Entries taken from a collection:
━━━━━━━━━━━━━━━━━━━━━━━━━━━━━━
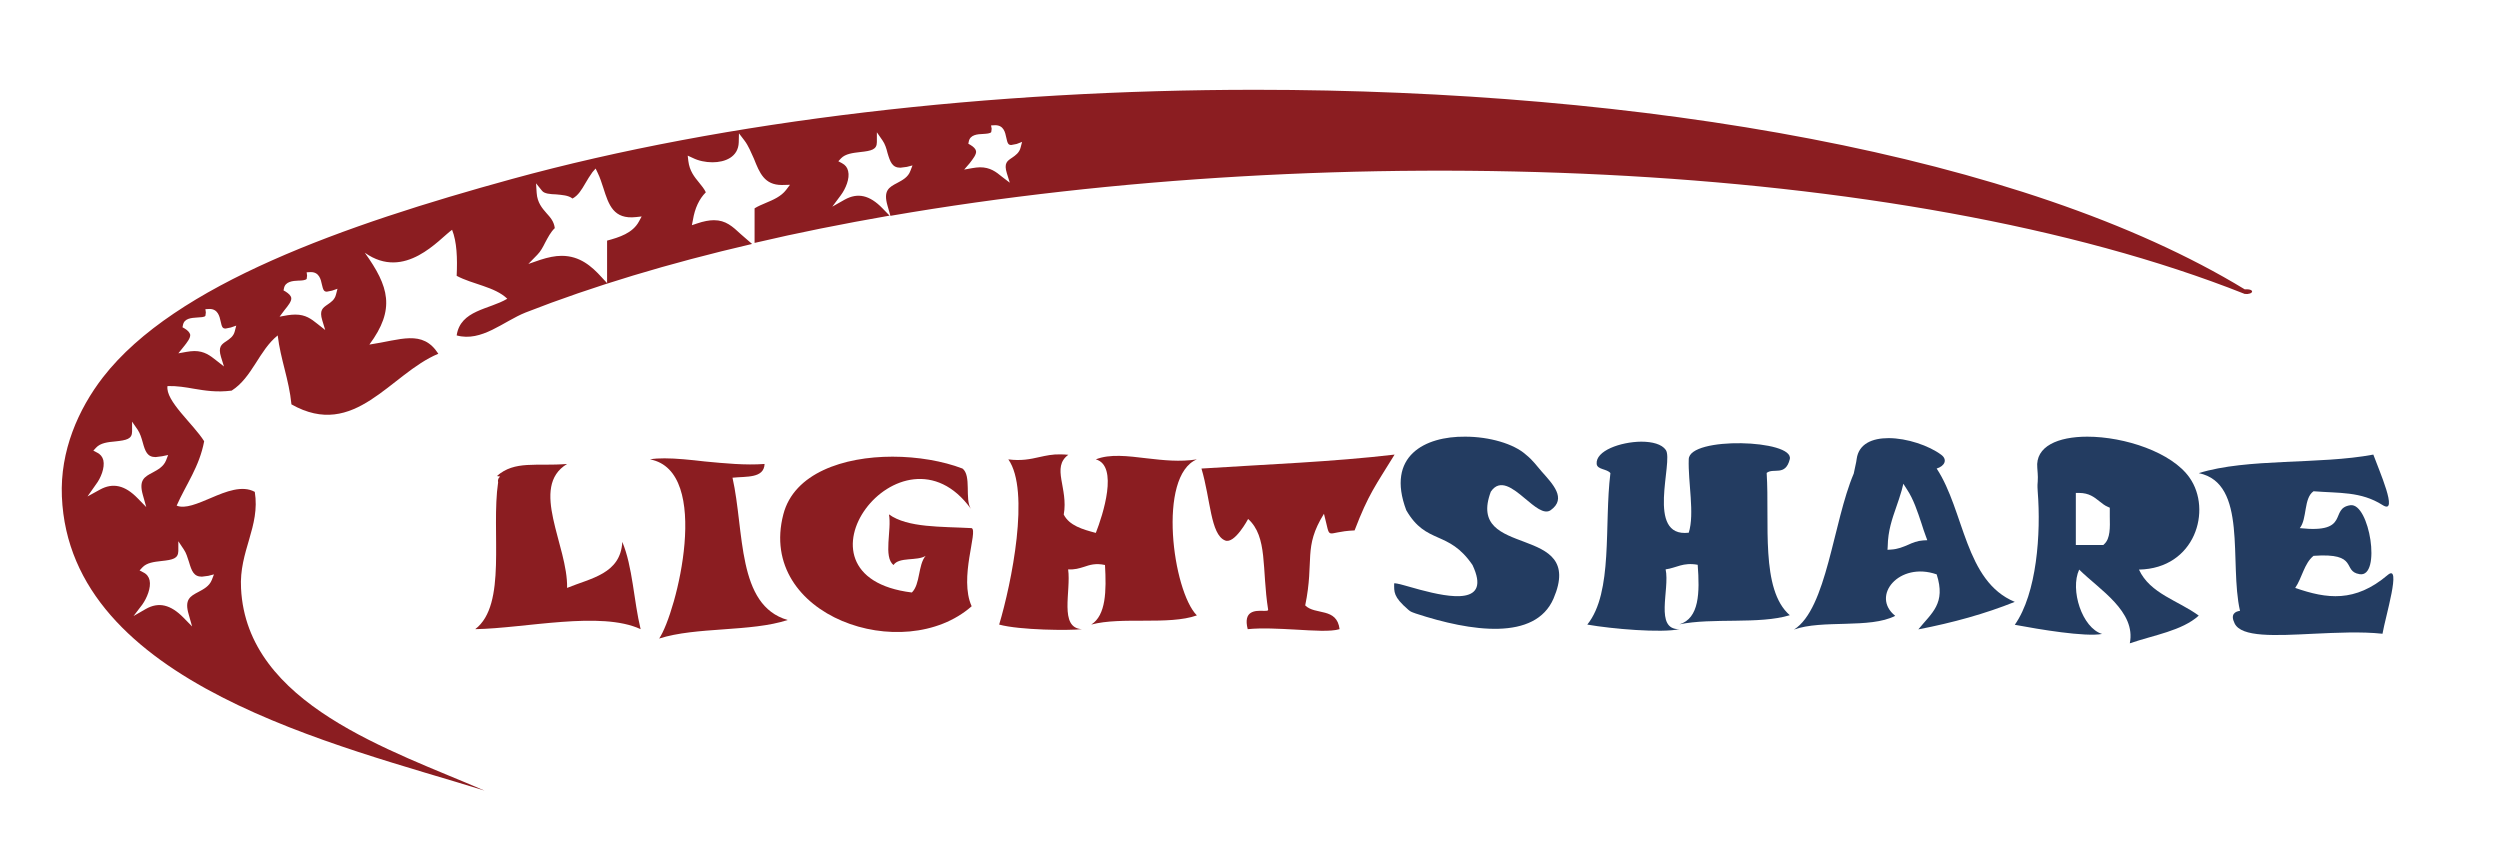 <?xml version="1.0" encoding="utf-8"?>
<!-- Generator: Adobe Illustrator 26.0.1, SVG Export Plug-In . SVG Version: 6.00 Build 0)  -->
<svg version="1.1" xmlns="http://www.w3.org/2000/svg" xmlns:xlink="http://www.w3.org/1999/xlink" x="0px" y="0px"
	 viewBox="0 0 120 41.25" style="enable-background:new 0 0 120 41.25;" xml:space="preserve">
<style type="text/css">
	.st0{fill:#8B1D21;}
	.st1{fill:#233C61;}
</style>
<path class="st0" d="M23.85,22.85c0.33,0.04,0,0,0.06,0.3c-0.35,2.37,0.44,5.88-1.1,7.05c2.4-0.04,6.03-0.89,7.94,0
	c-0.33-1.35-0.38-3-0.88-4.19c-0.08,1.54-1.51,1.74-2.65,2.21c0.05-2.02-1.83-4.85,0-5.95C25.74,22.39,24.71,22.09,23.85,22.85"/>
<path class="st0" d="M31.2,22.05c3,0.56,1.27,7.37,0.44,8.6c1.78-0.57,4.4-0.31,6.17-0.89c-2.45-0.7-2.07-4.25-2.65-6.83
	c0.67-0.07,1.51,0.04,1.54-0.66c-0.92,0.07-1.92-0.03-2.87-0.12C33.14,22.07,32.46,22,31.9,22C31.64,22,31.41,22.01,31.2,22.05"/>
<path class="st0" d="M37.6,24.69c-1.27,4.89,5.78,7.28,9.04,4.41c-0.62-1.36,0.32-3.62,0-3.75c-1.46-0.08-3.07-0.01-3.97-0.66
	c0.14,0.74-0.28,2.05,0.22,2.43c0.26-0.4,1.15-0.18,1.54-0.44c-0.37,0.44-0.25,1.36-0.66,1.76c-6.37-0.78-0.48-8.6,2.83-4.02
	c-0.3-0.47,0.04-1.59-0.4-1.93c-0.94-0.36-2.15-0.57-3.36-0.57C40.49,21.92,38.11,22.71,37.6,24.69"/>
<path class="st0" d="M57.67,22.49c0.44,1.47,0.43,3.16,1.13,3.45c0.46,0.2,1.11-1.03,1.11-1.03c0.95,0.86,0.65,2.39,0.96,4.35
	c0.01,0.07-0.1,0.06-0.25,0.06c-0.36-0.01-0.96-0.02-0.73,0.88c0.69-0.07,1.52-0.02,2.29,0.02c0.88,0.05,1.68,0.11,2.12-0.02
	c-0.13-1.06-1.17-0.66-1.65-1.14c0.45-2.19-0.11-2.77,0.9-4.4c0.36,1.38-0.01,0.86,1.47,0.8c0.67-1.75,1-2.14,1.92-3.64
	C63.97,22.17,60.78,22.29,57.67,22.49"/>
<path class="st1" d="M105.54,22.71c2.37,0.49,1.45,4.29,1.98,6.61c-0.22,0.03-0.48,0.15-0.26,0.6c0.32,0.68,1.95,0.59,3.79,0.5
	c1.11-0.05,2.29-0.11,3.31,0c0.14-0.82,0.93-3.4,0.25-2.82c-1.57,1.33-2.92,1.15-4.44,0.62c0.33-0.48,0.43-1.18,0.88-1.54
	c2.21-0.16,1.35,0.74,2.21,0.88c0.53,0.09,0.65-0.78,0.52-1.65c-0.13-0.86-0.5-1.72-0.96-1.66c-1.04,0.15,0.04,1.37-2.43,1.1
	c0.36-0.45,0.18-1.44,0.66-1.77c1.23,0.1,2.27,0,3.31,0.66c0.81,0.52-0.19-1.72-0.44-2.42C111.32,22.31,107.89,21.98,105.54,22.71"
	/>
<path class="st0" d="M49.89,21.94c-0.44,0.1-0.87,0.19-1.49,0.11c1.06,1.5,0.15,5.96-0.44,7.93c0.99,0.27,3.38,0.29,3.97,0.22
	c-1.11-0.06-0.51-1.83-0.66-2.87c0.32,0.02,0.53-0.05,0.76-0.12c0.27-0.09,0.55-0.19,1.01-0.09c0.07,1.25,0.05,2.41-0.66,2.86
	c1.45-0.39,3.71,0.04,5.07-0.44c-1.16-1.17-1.9-6.7,0-7.49c-0.81,0.13-1.62,0.04-2.4-0.05c-0.92-0.11-1.78-0.22-2.45,0.05
	c1.1,0.31,0.34,2.67,0,3.53c-0.64-0.17-1.27-0.35-1.54-0.88c0.23-1.27-0.61-2.26,0.22-2.87c-0.13-0.01-0.25-0.02-0.37-0.02
	C50.52,21.8,50.21,21.87,49.89,21.94"/>
<path class="st1" d="M76.64,22.27c0.03,0.28,0.5,0.23,0.66,0.44c-0.31,2.48,0.14,5.72-1.11,7.27c1.19,0.21,3.56,0.41,4.42,0.22
	c-1.21,0.03-0.45-1.9-0.66-2.87c0.52-0.07,0.83-0.35,1.54-0.22c0.1,1.34,0.08,2.57-0.88,2.86c1.58-0.33,3.83,0.01,5.3-0.44
	c-1.42-1.23-0.96-4.44-1.11-6.83c0.33-0.26,0.9,0.18,1.11-0.66c0.22-0.94-4.82-1.1-4.85,0c-0.04,1.1,0.29,2.62,0,3.53
	c-2.09,0.25-0.72-3.42-1.1-3.97c-0.19-0.28-0.65-0.4-1.18-0.4C77.78,21.21,76.58,21.64,76.64,22.27"/>
<path class="st1" d="M67.5,24.49c0.97,1.68,2.02,0.93,3.18,2.63c0.92,1.95-1.08,1.57-2.51,1.19c-0.6-0.16-1.11-0.33-1.25-0.31
	c0,0.41-0.05,0.64,0.67,1.26c0.12,0.1,0.12,0.1,0.37,0.19c2.65,0.87,5.73,1.32,6.61-0.72c1.57-3.66-4.24-1.86-3.01-5.13
	c0.44-0.65,1.06-0.16,1.63,0.32c0.47,0.39,0.92,0.79,1.24,0.57c0.79-0.56,0.1-1.26-0.44-1.87c-0.23-0.26-0.4-0.52-0.75-0.8
	c-0.58-0.52-1.75-0.86-2.91-0.86C68.4,20.94,66.52,21.88,67.5,24.49"/>
<path class="st0" d="M46.64,24.47c-0.01-0.02-0.03-0.04-0.04-0.05C46.61,24.44,46.63,24.45,46.64,24.47"/>
<path class="st0" d="M24.58,8.59c10.28-2.82,23-4.28,35.68-4.28c18.46,0,36.83,3.09,47.49,9.58c0.26-0.02,0.36,0.05,0.35,0.11
	c-0.01,0.07-0.15,0.13-0.35,0.11c-16.56-6.58-43.69-7.43-65.01-3.75l-0.14-0.49c-0.21-0.73,0.07-0.88,0.47-1.09
	c0.24-0.13,0.52-0.27,0.63-0.58l0.1-0.26l-0.27,0.07l-0.31,0.04c-0.39,0-0.49-0.27-0.62-0.71c-0.05-0.21-0.12-0.43-0.24-0.6
	l-0.27-0.39v0.47c0,0.36-0.25,0.42-0.81,0.48c-0.34,0.04-0.7,0.08-0.91,0.3l-0.13,0.14l0.17,0.09c0.17,0.09,0.26,0.21,0.3,0.38
	c0.09,0.36-0.12,0.85-0.35,1.16l-0.41,0.55l0.6-0.34c0.62-0.34,1.19-0.22,1.81,0.42l0.34,0.35c-2.23,0.39-4.4,0.82-6.48,1.31V10
	c0.16-0.1,0.35-0.18,0.54-0.26c0.36-0.15,0.73-0.31,0.97-0.62l0.19-0.25l-0.39,0.01c-0.84,0-1.07-0.58-1.34-1.26
	C36.05,7.32,35.93,7,35.73,6.74L35.47,6.4l-0.01,0.43c-0.02,0.71-0.66,0.96-1.26,0.96c-0.33,0-0.67-0.07-0.95-0.21l-0.24-0.11
	l0.03,0.26c0.06,0.48,0.29,0.76,0.52,1.04c0.12,0.15,0.24,0.29,0.32,0.46c-0.32,0.32-0.53,0.77-0.62,1.33l-0.05,0.25l0.24-0.08
	c0.32-0.11,0.59-0.16,0.82-0.16c0.57,0,0.89,0.3,1.3,0.68c0.12,0.11,0.25,0.22,0.38,0.33l0.15,0.13c-3.96,0.92-7.63,2.02-10.87,3.29
	c-1.06,0.42-2.11,1.43-3.31,1.1c0.18-1.22,1.56-1.24,2.43-1.76c-0.6-0.58-1.67-0.69-2.43-1.1c0.04-0.85,0.01-1.63-0.22-2.21
	c-0.61,0.43-2.26,2.47-4.19,1.1c1.16,1.62,1.48,2.71,0.22,4.41c1.5-0.22,2.55-0.74,3.31,0.44c-2.31,0.96-4.01,4.15-7.05,2.43
	c-0.12-1.21-0.52-2.14-0.66-3.31c-0.9,0.72-1.22,2.02-2.21,2.65c-0.72,0.09-1.27,0-1.81-0.09c-0.4-0.07-0.8-0.14-1.27-0.13
	c-0.11,0.71,1.25,1.83,1.76,2.65c-0.23,1.23-0.87,2.07-1.32,3.09c0.4,0.17,1.01-0.1,1.65-0.37c0.72-0.31,1.5-0.62,2.1-0.29
	c0.27,1.67-0.76,2.84-0.66,4.63c0.27,5.58,7.22,7.77,11.69,9.71c-6.98-2.18-19.92-5.1-20.29-14.12c-0.09-2.18,0.78-4.18,1.98-5.73
	C8.41,13.65,16.53,10.8,24.58,8.59 M6.41,29.57l0.59-0.34c0.62-0.35,1.19-0.21,1.81,0.42l0.41,0.42L9.06,29.5
	c-0.22-0.73,0.07-0.88,0.47-1.09c0.24-0.13,0.52-0.27,0.64-0.58l0.1-0.26l-0.27,0.07l-0.31,0.04c-0.39,0-0.49-0.27-0.62-0.71
	C9,26.76,8.94,26.54,8.82,26.37l-0.26-0.39v0.47c-0.01,0.36-0.25,0.42-0.82,0.48c-0.35,0.04-0.7,0.08-0.91,0.31L6.7,27.38l0.17,0.09
	c0.17,0.08,0.27,0.21,0.31,0.38c0.08,0.36-0.13,0.86-0.35,1.17L6.41,29.57z M4.2,23.83l0.6-0.33c0.62-0.34,1.2-0.21,1.81,0.42
	l0.41,0.42l-0.16-0.57c-0.21-0.73,0.07-0.88,0.47-1.09c0.24-0.13,0.52-0.28,0.64-0.58l0.1-0.26L7.78,21.9l-0.31,0.04
	c-0.4,0-0.5-0.27-0.62-0.71c-0.06-0.21-0.12-0.42-0.24-0.6l-0.27-0.39v0.47c0,0.36-0.25,0.42-0.82,0.48
	c-0.34,0.03-0.7,0.07-0.91,0.3l-0.13,0.14l0.17,0.09c0.17,0.08,0.27,0.21,0.31,0.37c0.08,0.36-0.12,0.86-0.36,1.17L4.2,23.83z
	 M8.56,16.96l0.39-0.07c0.13-0.02,0.26-0.04,0.38-0.04c0.48,0,0.76,0.22,1.05,0.45l0.37,0.29l-0.14-0.45
	c-0.15-0.49,0.02-0.61,0.25-0.76c0.16-0.11,0.35-0.23,0.41-0.48l0.07-0.27l-0.26,0.09l-0.25,0.05c-0.15,0-0.18-0.07-0.24-0.35
	c-0.05-0.23-0.13-0.59-0.53-0.59l-0.2,0.01L9.88,15l-0.02,0.16c-0.05,0.07-0.24,0.07-0.39,0.08c-0.27,0.02-0.63,0.03-0.69,0.37
	l-0.02,0.1l0.09,0.05c0.17,0.1,0.25,0.2,0.28,0.3c0.02,0.16-0.15,0.38-0.32,0.59L8.56,16.96z M13.42,15.2l0.39-0.07
	c0.13-0.02,0.26-0.03,0.37-0.03c0.49,0,0.76,0.21,1.05,0.44l0.38,0.3l-0.14-0.46c-0.15-0.49,0.02-0.6,0.25-0.76
	c0.16-0.11,0.35-0.23,0.41-0.49l0.07-0.27l-0.26,0.09l-0.25,0.05c-0.14,0-0.18-0.08-0.24-0.35c-0.05-0.24-0.13-0.59-0.53-0.59
	l-0.2,0.01l0.02,0.16l-0.02,0.16c-0.06,0.06-0.23,0.08-0.4,0.08c-0.26,0.01-0.63,0.04-0.69,0.37l-0.02,0.1l0.09,0.05
	c0.16,0.1,0.26,0.2,0.28,0.3c0.03,0.16-0.15,0.38-0.32,0.59L13.42,15.2z M28.09,8.81c-0.17,0.29-0.33,0.57-0.61,0.72
	c-0.2-0.16-0.5-0.17-0.79-0.2c-0.28-0.01-0.56-0.03-0.67-0.17L25.73,8.8l0.03,0.46c0.03,0.47,0.27,0.74,0.47,0.97
	c0.19,0.21,0.36,0.4,0.4,0.72c-0.2,0.19-0.33,0.45-0.46,0.69c-0.11,0.22-0.22,0.43-0.38,0.59l-0.43,0.44l0.58-0.2
	c0.37-0.12,0.71-0.19,1.02-0.19c0.87,0,1.44,0.5,1.92,1.03l0.26,0.28v-2.04c0.59-0.16,1.23-0.36,1.53-0.92l0.13-0.24l-0.27,0.03
	c-1.08,0.12-1.31-0.58-1.57-1.4c-0.08-0.24-0.16-0.5-0.27-0.72l-0.1-0.21l-0.15,0.17C28.31,8.44,28.2,8.62,28.09,8.81 M46.28,8.14
	l0.39-0.07c0.13-0.02,0.25-0.04,0.37-0.04c0.49,0,0.77,0.22,1.05,0.45l0.38,0.29l-0.14-0.45c-0.15-0.49,0.01-0.59,0.25-0.75
	c0.16-0.11,0.35-0.24,0.41-0.49l0.07-0.27L48.8,6.91l-0.26,0.05c-0.14,0-0.18-0.07-0.24-0.36c-0.05-0.24-0.12-0.59-0.53-0.59
	l-0.2,0.01l0.03,0.16l-0.02,0.16c-0.05,0.07-0.23,0.08-0.39,0.09c-0.26,0.01-0.63,0.03-0.69,0.37l-0.02,0.1l0.09,0.05
	c0.17,0.1,0.26,0.2,0.28,0.3c0.03,0.16-0.15,0.38-0.31,0.59L46.28,8.14z"/>
<path class="st1" d="M89.12,22.03c0.1-0.73,0.75-1,1.53-1c0.89,0,1.94,0.36,2.53,0.8c0.31,0.23,0.17,0.54-0.22,0.66
	c1.34,2.04,1.35,5.41,3.75,6.4c-1.42,0.57-2.97,1-4.63,1.32c0.65-0.8,1.33-1.24,0.88-2.64c-1.8-0.63-3.18,1.04-1.99,1.99
	c-1.21,0.63-3.51,0.17-4.86,0.66c1.58-0.99,1.88-5.17,2.87-7.49C89.13,21.99,89.1,22.21,89.12,22.03 M90.6,26.39l0.16-0.01
	c0.35-0.02,0.59-0.13,0.83-0.23c0.22-0.1,0.43-0.19,0.72-0.21l0.2-0.01l-0.07-0.19c-0.08-0.2-0.14-0.41-0.21-0.62
	c-0.19-0.57-0.38-1.15-0.69-1.62l-0.18-0.28l-0.08,0.32c-0.08,0.28-0.17,0.54-0.26,0.8c-0.19,0.55-0.4,1.13-0.41,1.89L90.6,26.39z"
	/>
<path class="st1" d="M97.79,22.46c-0.1-1.04,1-1.5,2.4-1.5c1.79,0,4.06,0.75,4.91,1.97c1.09,1.55,0.27,4.36-2.43,4.41
	c0.53,1.16,1.9,1.49,2.87,2.21c-0.81,0.73-2.15,0.93-3.31,1.33c0.31-1.53-1.46-2.58-2.43-3.54c-0.45,0.97,0.14,2.8,1.1,3.09
	c-0.82,0.15-3.01-0.22-4.19-0.44c1.06-1.51,1.26-4.38,1.1-6.4C97.77,22.99,97.86,23.28,97.79,22.46 M99.65,26.16h1.31l0.04-0.04
	c0.3-0.27,0.28-0.81,0.27-1.32l0-0.33v-0.1l-0.09-0.04c-0.15-0.06-0.27-0.16-0.41-0.27c-0.24-0.19-0.49-0.4-0.98-0.4h-0.15V26.16z"
	/>
</svg>
━━━━━━━━━━━━━━━━━━━━━━━━━━━━━━
■ REQUIRED ACTION
Look for the string "style" in the data above and return every line that has it.

■ ANSWER SECTION
	 viewBox="0 0 120 41.25" style="enable-background:new 0 0 120 41.25;" xml:space="preserve">
<style type="text/css">
</style>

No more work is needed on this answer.